Hof Amsterdam oordeelt dat de heffing van overdrachtsbelasting niet in strijd is met art. 17 Handvest EU. Volgens het hof valt de heffing van overdrachtsbelasting namelijk niet binnen de werkingssfeer van het Handvest EU. De Hoge Raad oordeelt dat de middelen of klachten niet tot cassatie kunnen leiden (art. 81 Wet RO).

X verkrijgt op 17 maart 2011 de eigendom van een woning met garage. Ter zake van de aankoop is € 23.700 aan overdrachtsbelasting verschuldigd. X is van mening dat de heffing van overdrachtsbelasting in strijd is met art. 17 Handvest van de Grondrechten van de EU.

Hof Amsterdam (MK I, 2 juli 2015, 14/00087, V-N Vandaag 2015/1770) oordeelt dat de heffing van overdrachtsbelasting niet in strijd is met art. 17 Handvest EU. Het hof overweegt hierbij dat de heffing van overdrachtsbelasting geen uitvoering van het EU-recht vormt, en dat het dus niet binnen de werkingssfeer van het Handvest EU valt. Het Handvest EU is in casu dan niet van toepassing.
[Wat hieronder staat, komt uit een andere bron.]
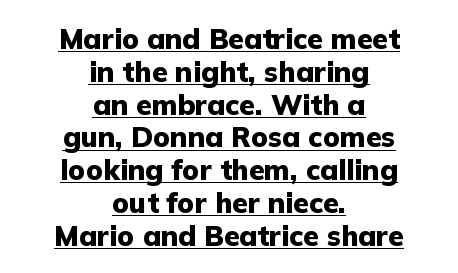
Short note: letters normally spaced. Font category for this specimen: sans-serif. These lines are centered, leaving both edges ragged. Weight check: bold — yes, fully. Notice how the stems are strictly vertical — no italics here. Honestly, the underline is the first thing you notice here.
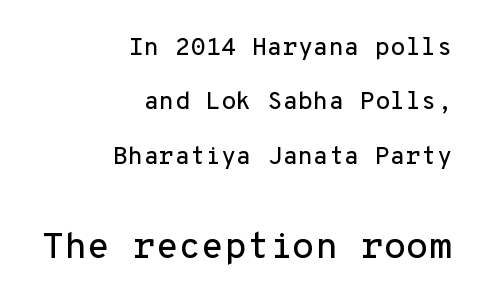
The image shows 37 px sans-serif type, upright, monospaced; set right-aligned, loose line spacing (2.18x), normal letter spacing, not underlined; the second (bottom) block is 1.48x larger; low stroke contrast and a medium x-height.
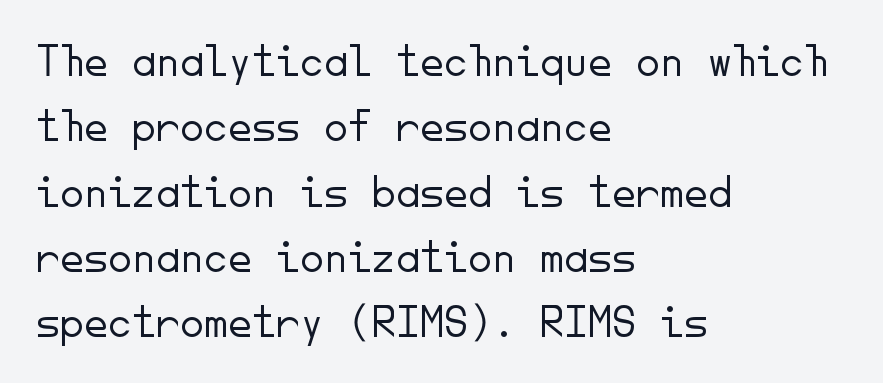
Q: Is the text bold? A: No.
Q: Is the text italic (slanted)? A: No, it is upright.
Q: Is the typeface a serif or a sans-serif typeface? A: Sans-serif.
Q: Is the text underlined? A: No.
Q: How is the paragraph aligned? A: Left-aligned.
Q: Is the spacing between letters normal or unusually wide? A: Normal.
Q: Is the spacing between lines tight, normal or loose? A: Normal.
Q: Width (condensed, normal, or wide)? A: Normal.
Q: Stroke contrast? A: Low.
Q: x-height? A: Small.
Q: Monospaced? A: Yes.

Ook is de (beperkte) terugwerkende kracht van de tariefvermindering van de overdrachtsbelasting volgens het hof niet in strijd met het discriminatieverbod van art. 14 EVRM en art. 26 IVBPR. De wetgever is volgens het hof, bij het bepalen van het overgangstijdstip voor de tariefswijziging, namelijk gebleven binnen de hem toekomende ruime beoordelingsmarge. Het gelijk is aan de inspecteur.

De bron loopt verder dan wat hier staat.